Survei: Tingkat Kepuasaan Terhadap Kinerja Menpora Meningkat

Survei: Tingkat Kepuasaan Terhadap Kinerja Menpora Meningkat
Roy Suryo ( Foto: JG Photo )
Yeremia Sukoyo Senin, 21 Oktober 2013 | 15:54 WIB

Jakarta - Direktur Eksekutif Pol Tracking Institute, Hanta Yudha, menilai, walau belum setahun menjabat posisi Menteri Pemuda dan Olahraga, nama Menpora Roy Suryo berhasil melesat di jajaran Kabinet Indonesia Bersatu II.

Dalam hasil survei Lembaga Pol Tracking Institute, terkait tingkat kepuasaan masyarakat Indonesia terhadap kinerja Roy, masih lebih tinggi dibanding menteri lainnya.

"Berdasarkan tingkat kepuasan publik, Roy relatif tinggi dibanding menteri lainnya, meskipun persentasenya kecil sekitar 21,63 persen," kata Hanta, Senin (21/10).

Meski demikian, menurutnya, tingkat ketidakpuasan terhadap Menpora juga lebih tinggi, yakni sekitar 30 persen. Sedangkan sekitar 40 persen diantaranya banyak yang menjawab tidak tahu.

Survei Pol Tracking Institute dilakukan mulai 13 sampai 23 September 2013 secara serempak di 33 provinsi di Indonesia dengan jumlah sampel sebanyak 2.010 responden.

Dalam survei tersebut, margin of error diperkirakan sekitar 2,19 persen.
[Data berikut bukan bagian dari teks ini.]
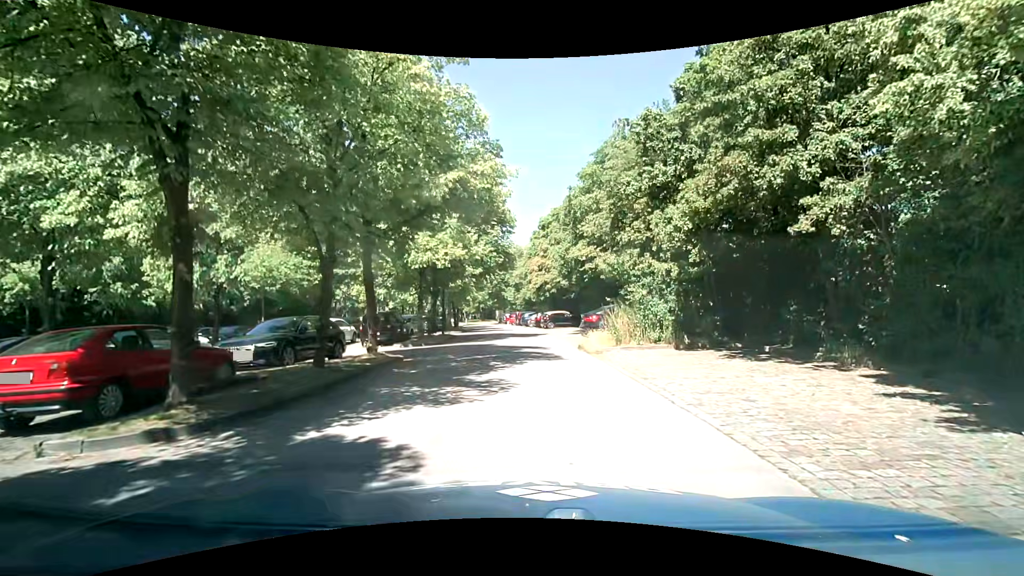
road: residential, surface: asphalt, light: Day
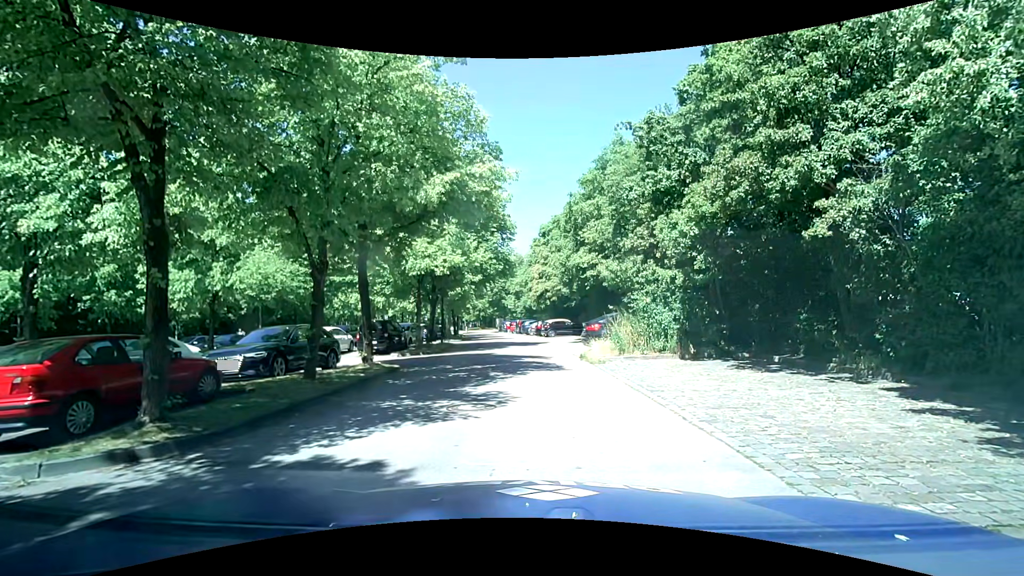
(0.0, +0.5) m; 0°
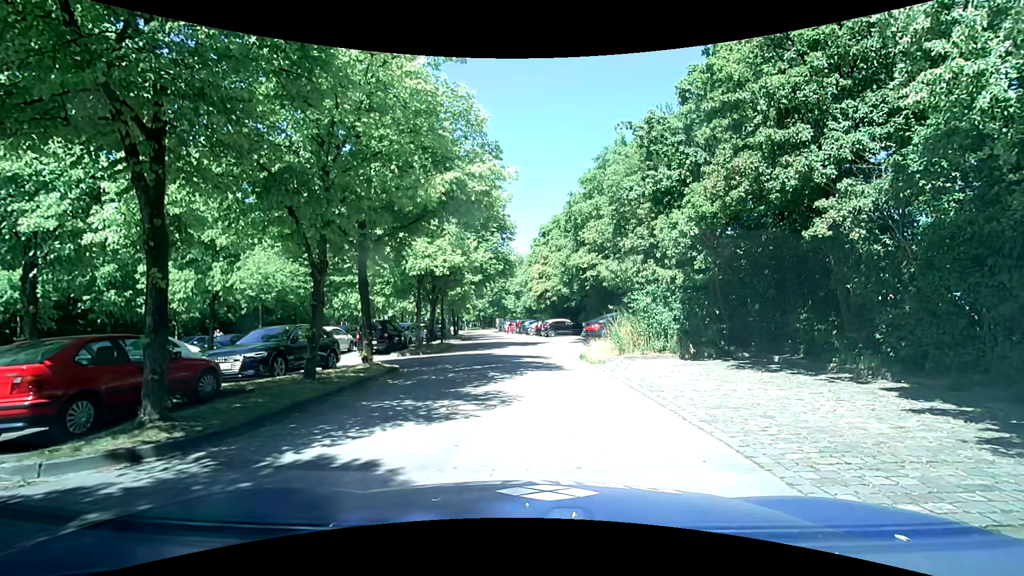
(0.0, 0.0) m; 0°
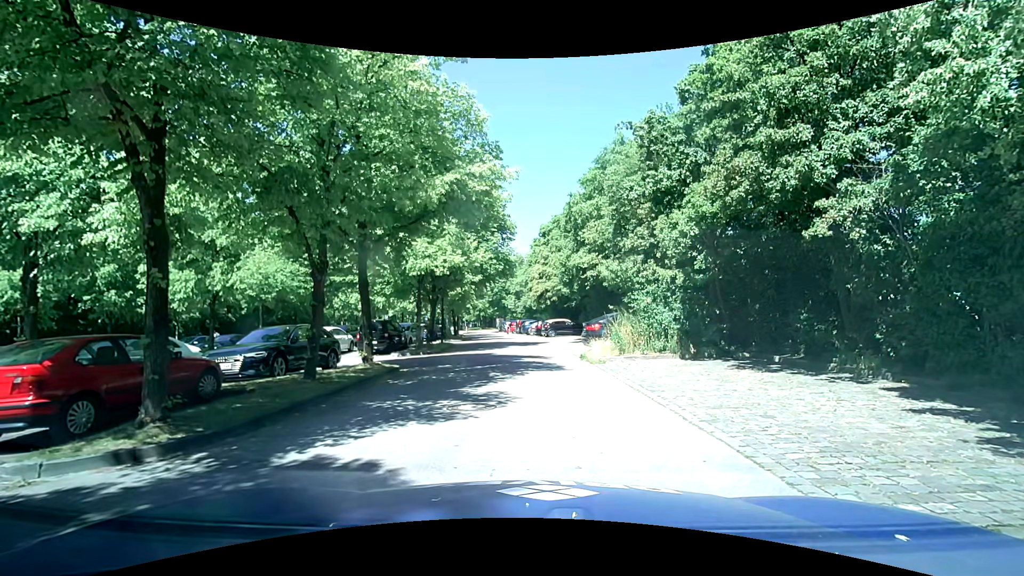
(0.0, 0.0) m; 0°
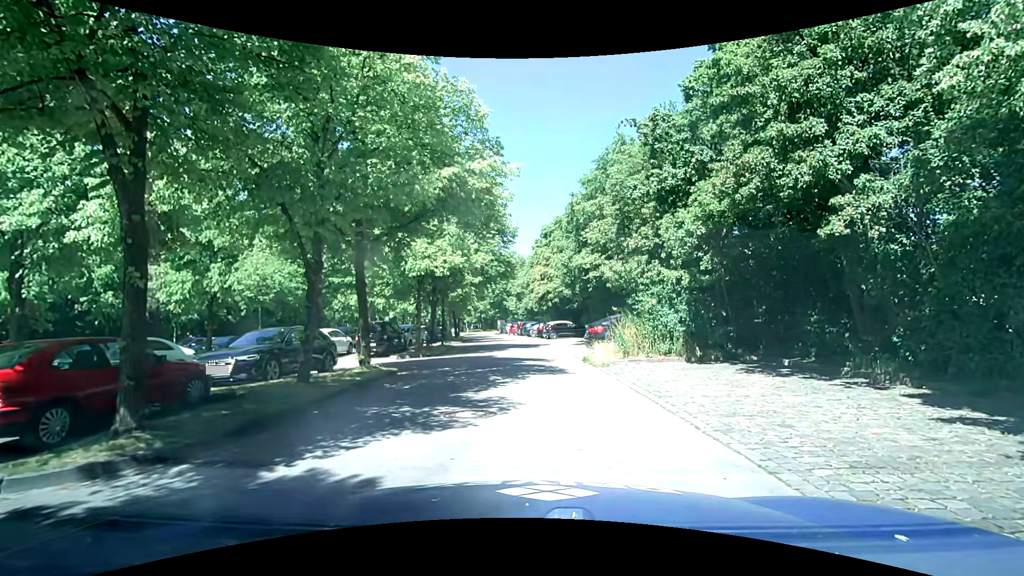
(0.0, +0.4) m; 0°
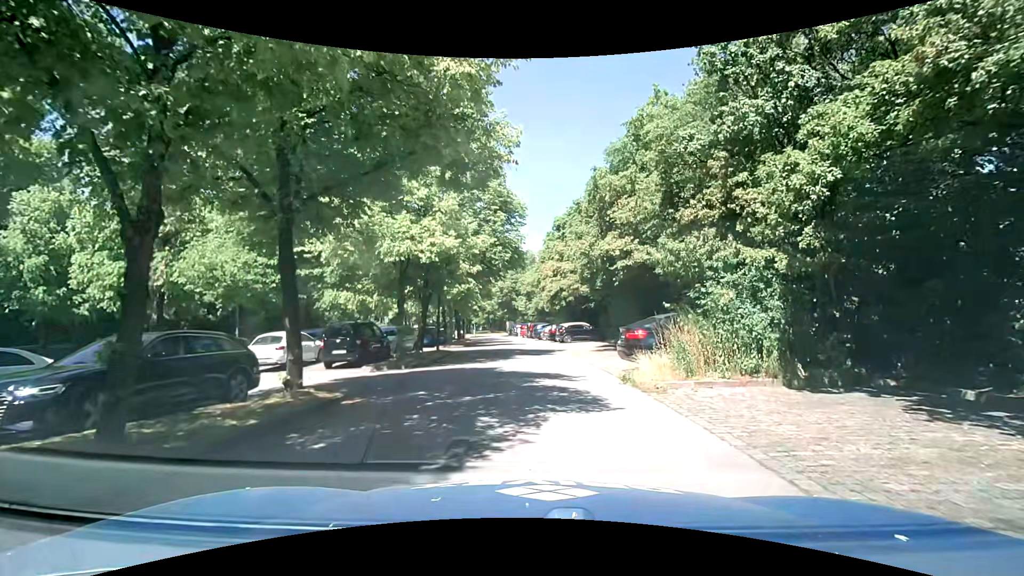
(-0.1, +5.6) m; -2°
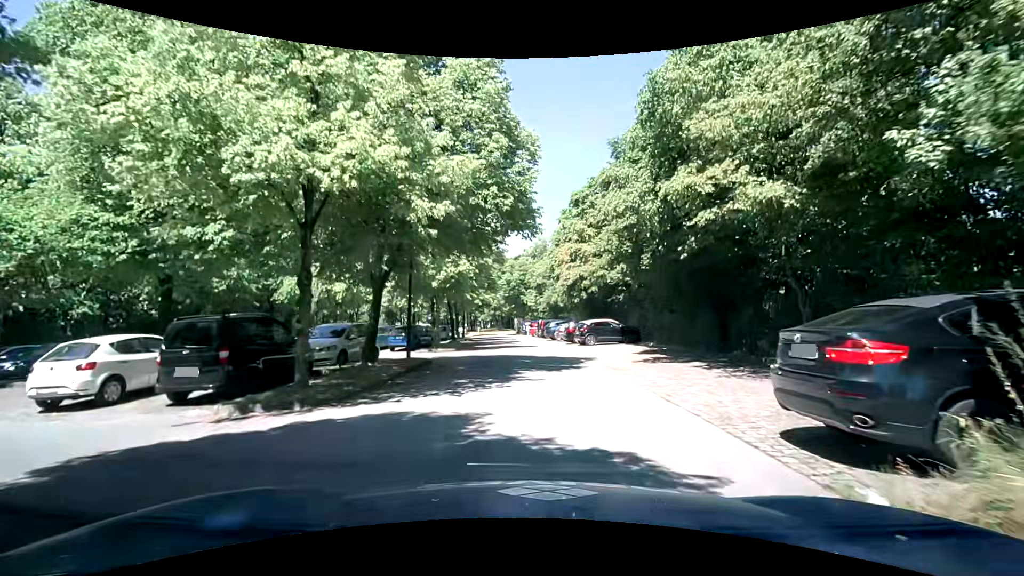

Penarikan sampel survei menggunakan metode multi stage random sampling dan pengambilan data melalui wawancara tatap muka dengan kuisioner.

Pengamat politik dari Point Indonesia, Karel Susetyo, menambahkan, apresiasi publik terhadap kinerja Menpora di bawah komando Roy Suryo terasa lebih tinggi daripada sebelumnya. Hal tersebut disebabkan karena beberapa prestasi dunia olahraga mengalami sedikit kebangkitan, seperti cabang sepak bola, bulutangkis dan karate.

"Di tangan Menpora, konflik PSSI juga dapat diakhiri. Jadi, wajar kalau tingkat kepuasan publik terhadap kinerja Menpora cukup baik," kata Karel.

Sayangnya, keberhasilan tersebut tidak diikuti dengan prestasi pembinaan pemuda. Masalah terkait kepemudaan banyak yang terbengkalai. Yang paling mengkhawatirkan adalah konflik internal Komite Nasional Pemuda Indonesia (KNPI).

"Sampai sekarang konflik tersebut masih jadi pekerjaan rumah bagi Kemenpora," tegas Karel.

Belum lagi, masalah-masalah sosial yang terkait dengan kepemudaan semacam tawuran pelajar, geng motor, dan wabah narkoba. Menurut Karel, Kemenpora harus bekerja sama dengan kementerian lainnya.